WHAT NEEDS TO BE DONE:
Return each entry word for word, without its pictures.

EXERCISE INPUTS:
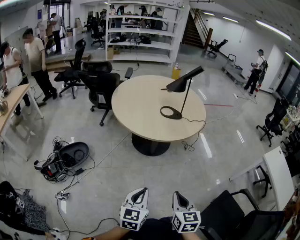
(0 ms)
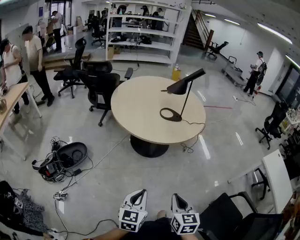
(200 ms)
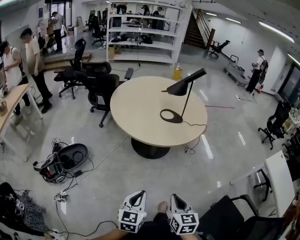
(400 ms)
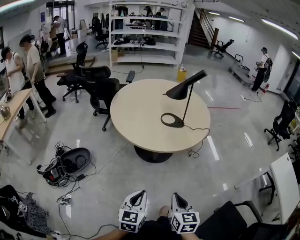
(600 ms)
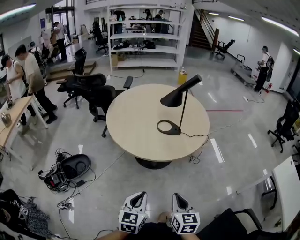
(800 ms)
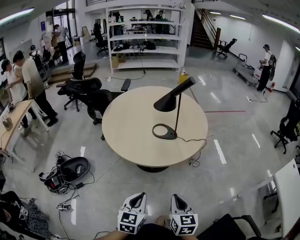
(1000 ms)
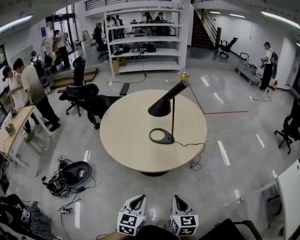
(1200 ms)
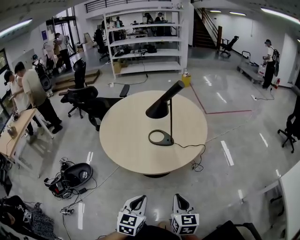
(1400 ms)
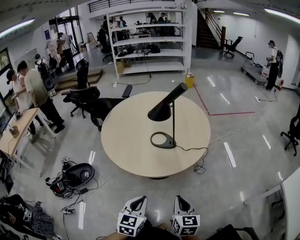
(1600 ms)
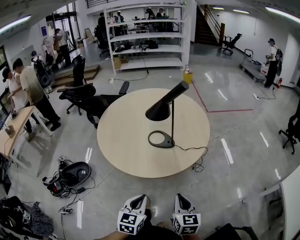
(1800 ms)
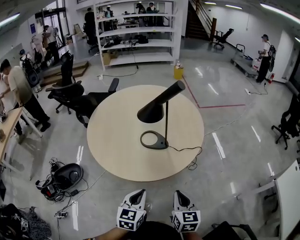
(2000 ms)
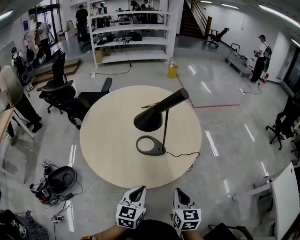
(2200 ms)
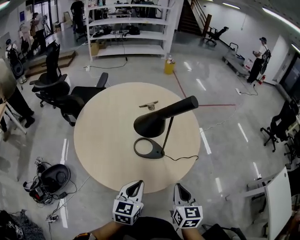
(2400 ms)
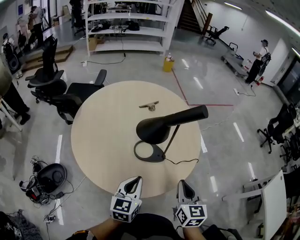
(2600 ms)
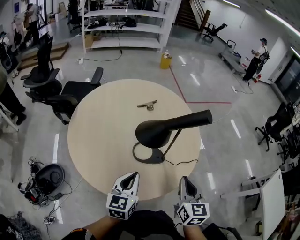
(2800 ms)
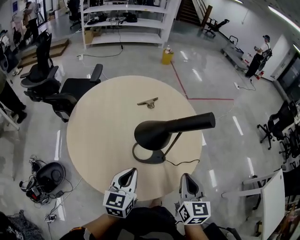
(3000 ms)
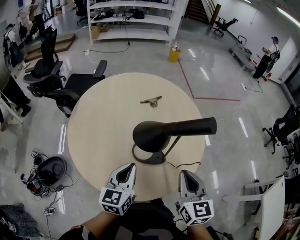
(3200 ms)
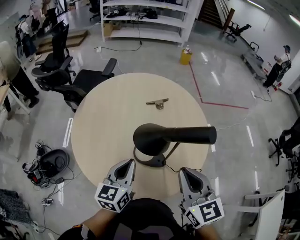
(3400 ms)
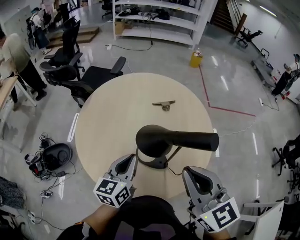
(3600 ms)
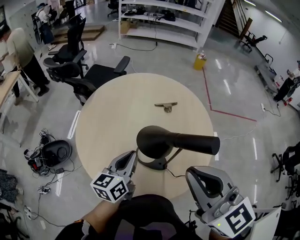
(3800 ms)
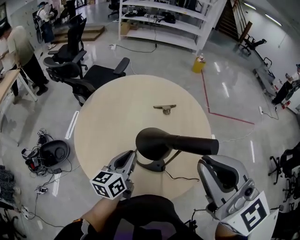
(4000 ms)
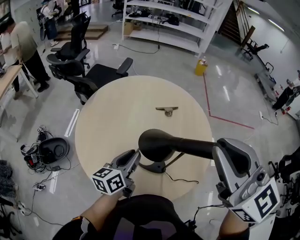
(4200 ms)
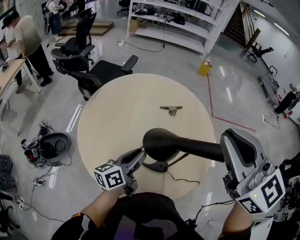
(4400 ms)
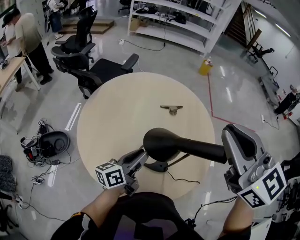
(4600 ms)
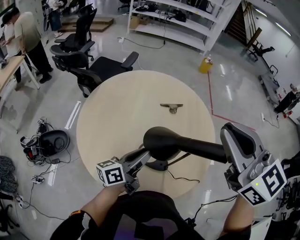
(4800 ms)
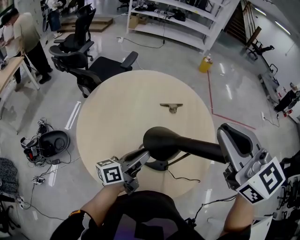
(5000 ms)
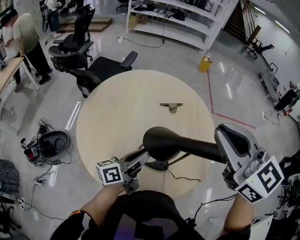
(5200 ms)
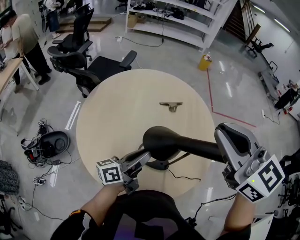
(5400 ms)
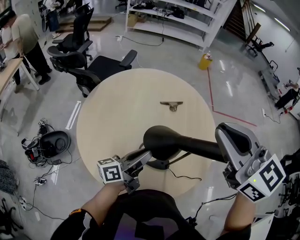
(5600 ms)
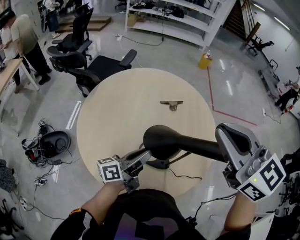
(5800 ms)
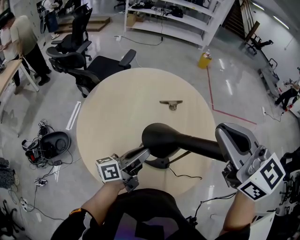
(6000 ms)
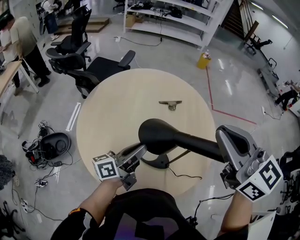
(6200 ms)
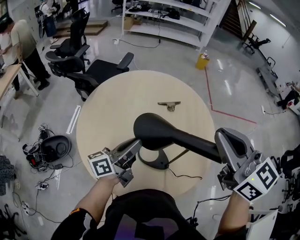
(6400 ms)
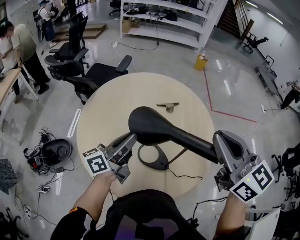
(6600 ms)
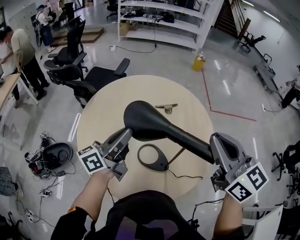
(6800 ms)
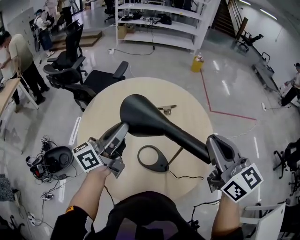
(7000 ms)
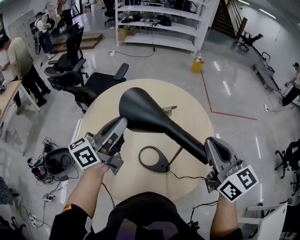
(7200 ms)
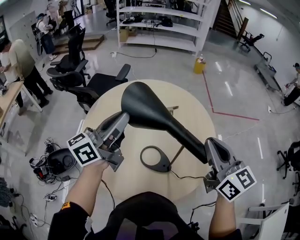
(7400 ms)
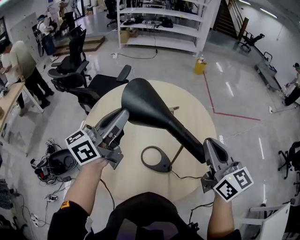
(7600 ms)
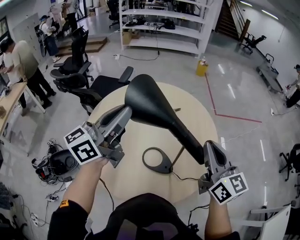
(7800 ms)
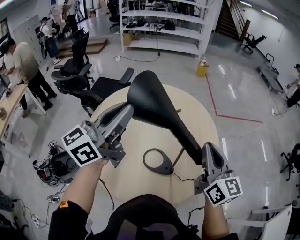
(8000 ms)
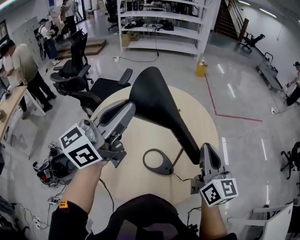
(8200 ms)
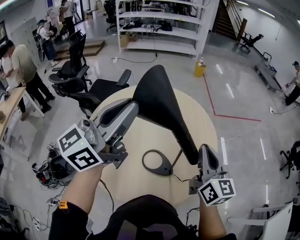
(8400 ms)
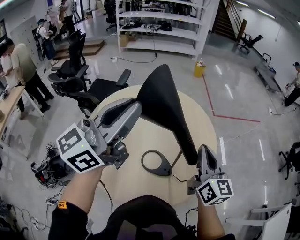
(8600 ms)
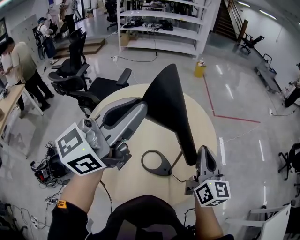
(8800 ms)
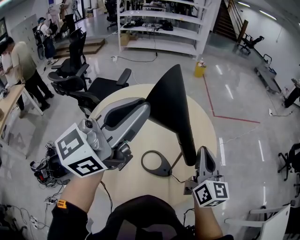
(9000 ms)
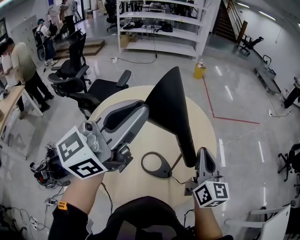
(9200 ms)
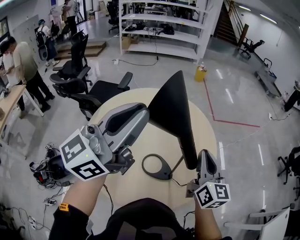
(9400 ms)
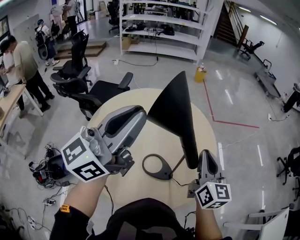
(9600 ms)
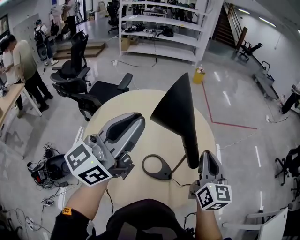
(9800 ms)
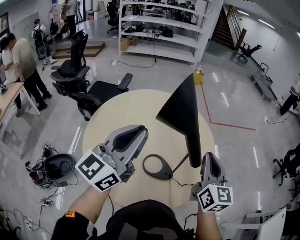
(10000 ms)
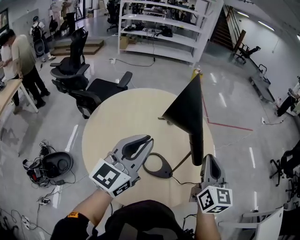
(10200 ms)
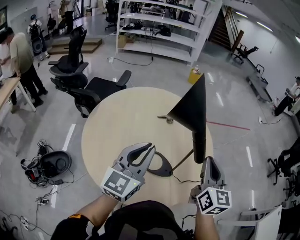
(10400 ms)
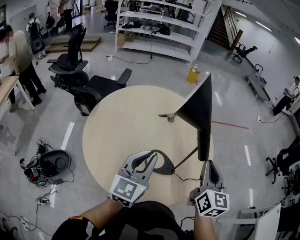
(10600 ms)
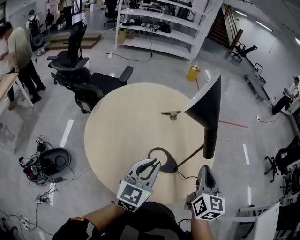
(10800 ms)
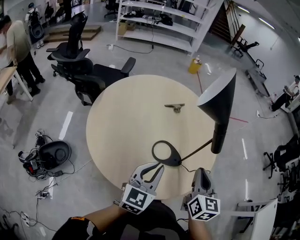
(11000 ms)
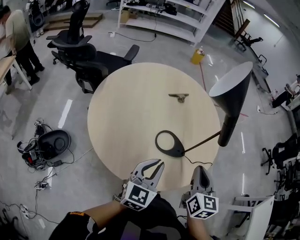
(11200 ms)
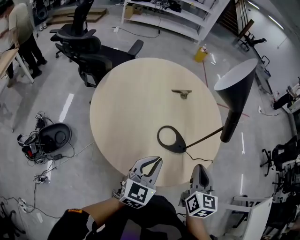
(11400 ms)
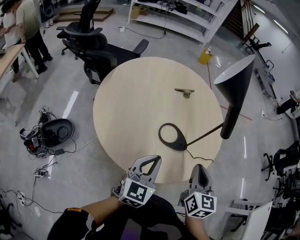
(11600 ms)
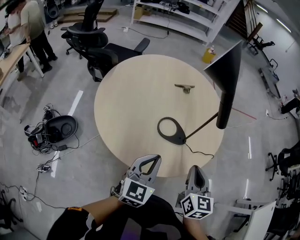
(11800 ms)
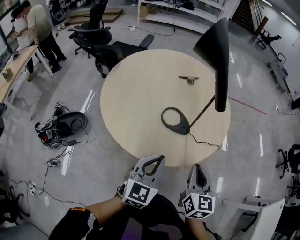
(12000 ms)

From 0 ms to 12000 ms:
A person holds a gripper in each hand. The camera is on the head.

EXERCISE SOLUTION:
(0 ms)
(200 ms)
(400 ms)
(600 ms)
(800 ms)
(1000 ms)
(1200 ms)
(1400 ms)
(1600 ms)
(1800 ms)
(2000 ms)
(2200 ms)
(2400 ms)
(2600 ms)
(2800 ms)
(3000 ms)
(3200 ms)
(3400 ms)
(3600 ms)
(3800 ms)
(4000 ms)
(4200 ms)
(4400 ms)
(4600 ms)
(4800 ms)
(5000 ms)
(5200 ms)
(5400 ms)
(5600 ms)
(5800 ms)
(6000 ms)
(6200 ms)
(6400 ms)
(6600 ms)
(6800 ms)
(7000 ms)
(7200 ms)
(7400 ms)
(7600 ms)
(7800 ms)
(8000 ms)
(8200 ms)
(8400 ms)
(8600 ms)
(8800 ms)
(9000 ms)
(9200 ms)
(9400 ms)
(9600 ms)
(9800 ms)
(10000 ms)
(10200 ms)
(10400 ms)
(10600 ms)
(10800 ms)
(11000 ms)
(11200 ms)
(11400 ms)
(11600 ms)
(11800 ms)
(12000 ms)

From 0 ms to 12000 ms:
A person holds a gripper in each hand. The camera is on the head.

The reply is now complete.